Arthur Blacklock

Personal information
- Born: 1868 South Yarra, Melbourne, Australia
- Died: 20 October 1934 (aged 66) Wellington, New Zealand
- Relations: Bob Blacklock (brother); James Blacklock (nephew);

Domestic team information
- 1884/85–1895/96: Wellington

Career statistics
| Competition | First-class |
| Matches | 15 |
| Runs scored | 569 |
| Batting average | 21.88 |
| 100s/50s | 0/3 |
| Top score | 69 |
| Catches/stumpings | 8/– |
- Source: Cricinfo, 8 March 2018

= Arthur Blacklock =

New Zealand cricketer

Arthur Blacklock (1868 – 20 October 1934) was a cricketer who played first-class cricket for Wellington in New Zealand from 1885 to 1895.

Arthur Blacklock was a solid batsman, "very hard to dispose of". He played his first first-class match when he was 16 or 17, top-scoring with 22 in Wellington's first innings against Nelson in 1884–85. He made his highest score of 69, also the highest score in the match, for Wellington when they defeated Nelson by an innings and 190 runs in 1888–89.

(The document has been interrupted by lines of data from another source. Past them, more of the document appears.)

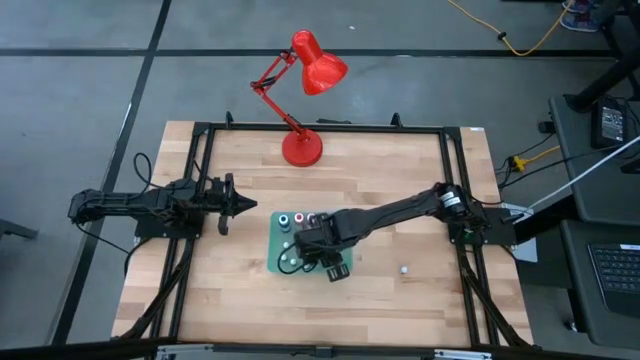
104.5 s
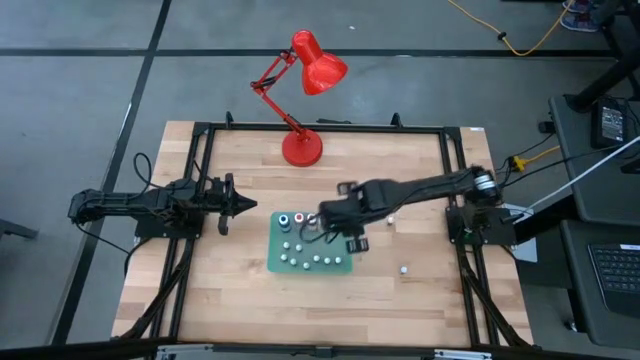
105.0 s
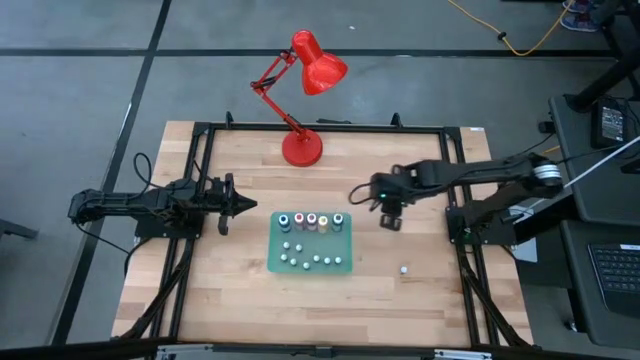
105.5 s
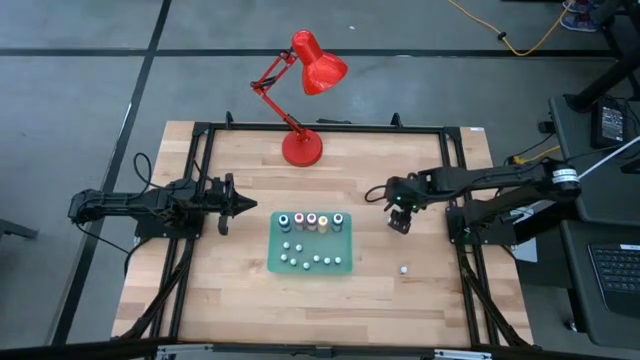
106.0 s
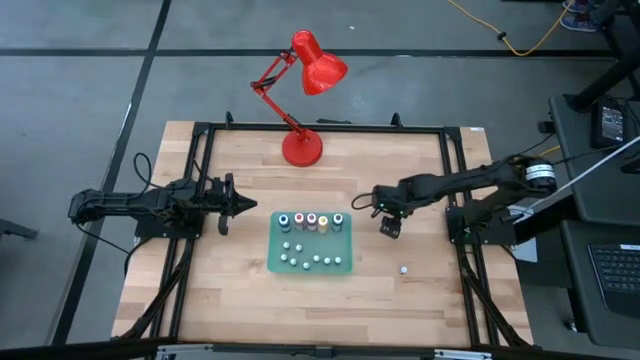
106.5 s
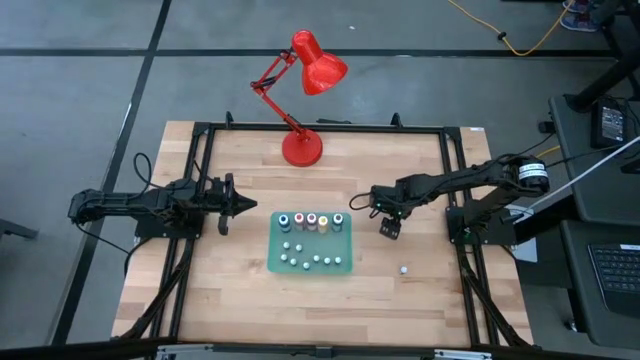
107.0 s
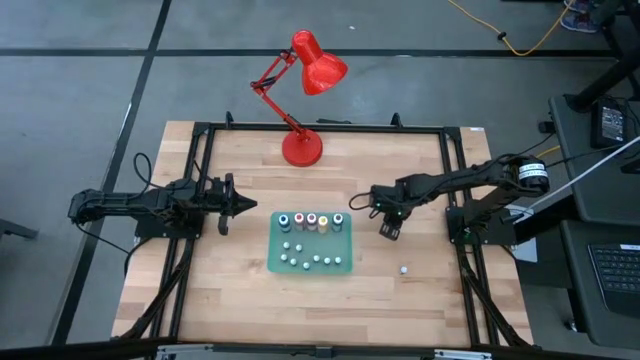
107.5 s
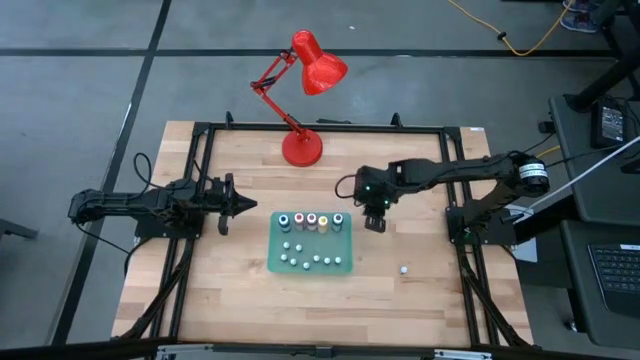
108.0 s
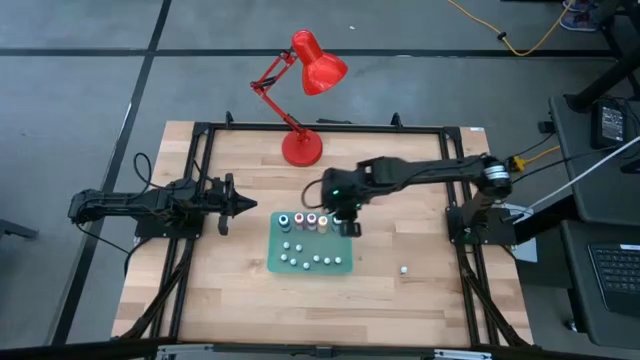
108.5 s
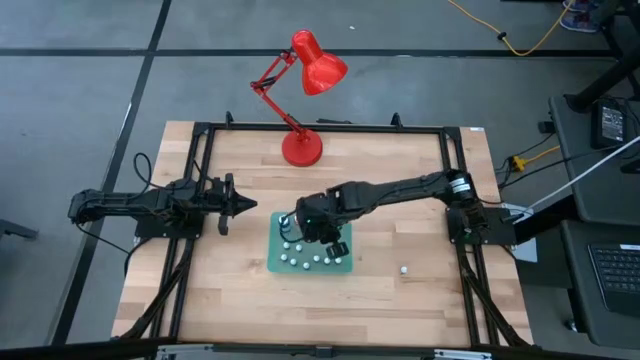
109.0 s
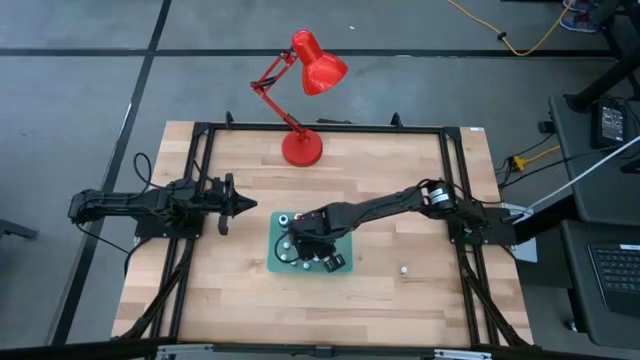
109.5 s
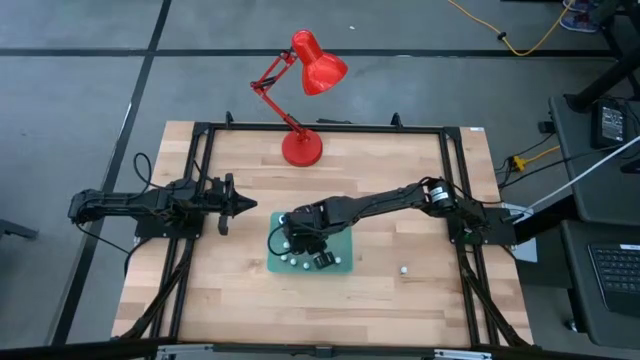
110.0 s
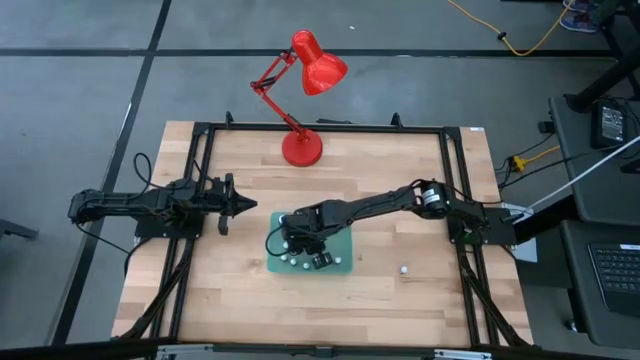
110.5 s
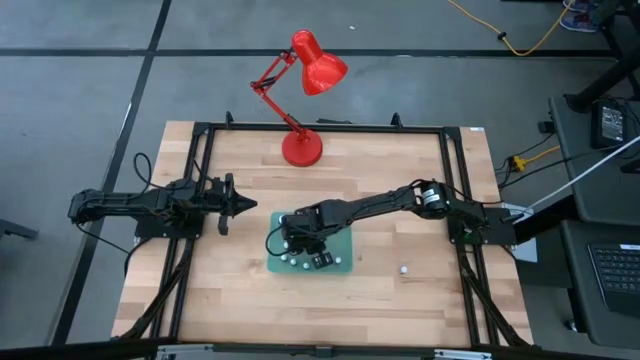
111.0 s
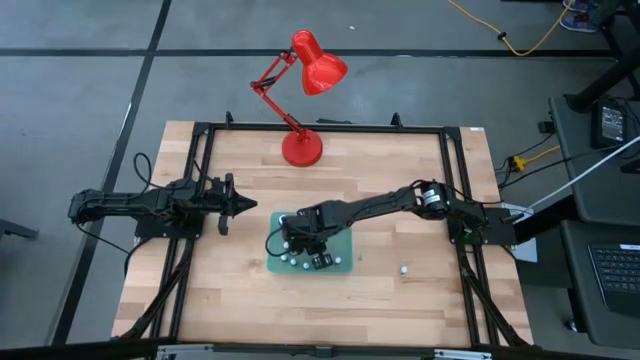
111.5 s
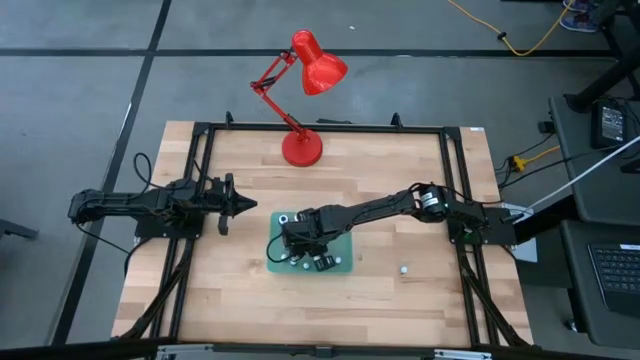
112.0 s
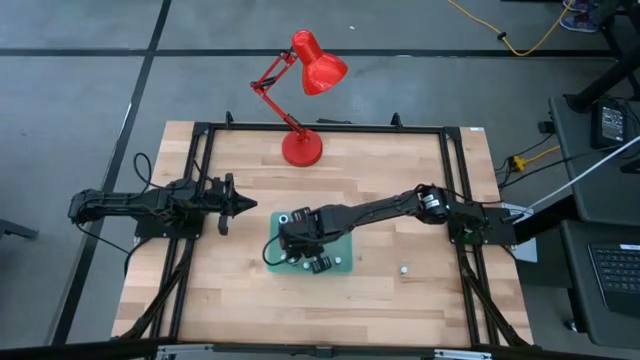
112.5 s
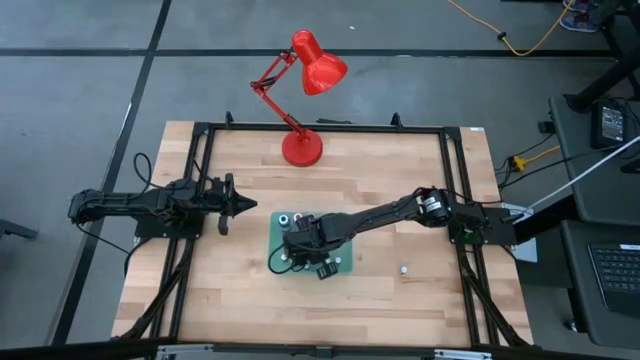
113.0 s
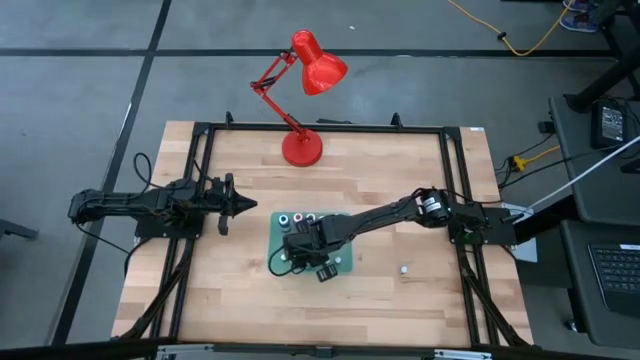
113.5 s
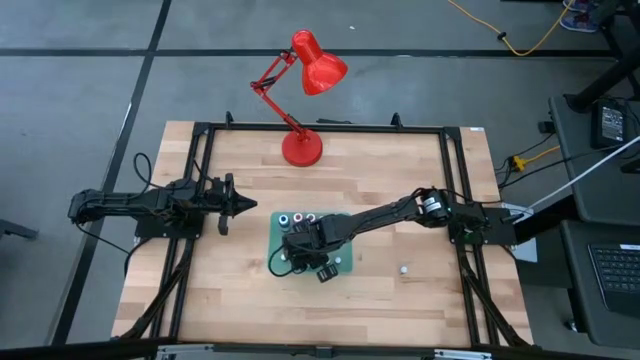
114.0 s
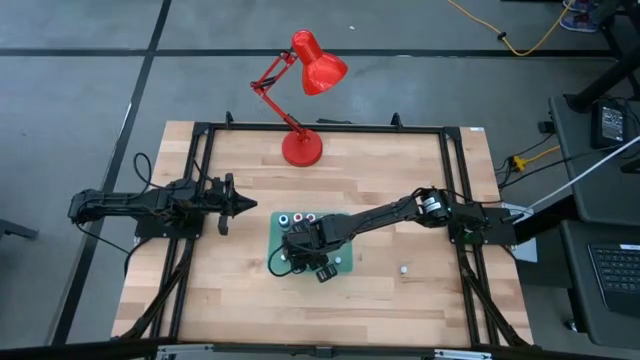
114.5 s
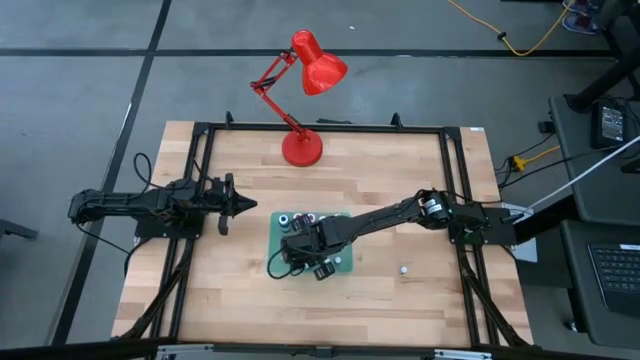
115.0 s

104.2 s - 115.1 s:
Task: Pick & Place food coloring
Put the small pink bottle into the green bin

In 1894-95 he scored 222 runs in three first-class matches at an average of 37.00, putting him second in the season's national aggregates. His 45, opening the batting in Wellington's second innings of 98, was particularly valuable in Wellington's 45-run victory over Otago. However, he played only one more match of first-class cricket after that season.

Blacklock worked for a number of retail and manufacturing firms, and was joint manager of Ross and Glendining at the time of his retirement two years before his death in 1934 at the age of 66. He and his wife had two daughters.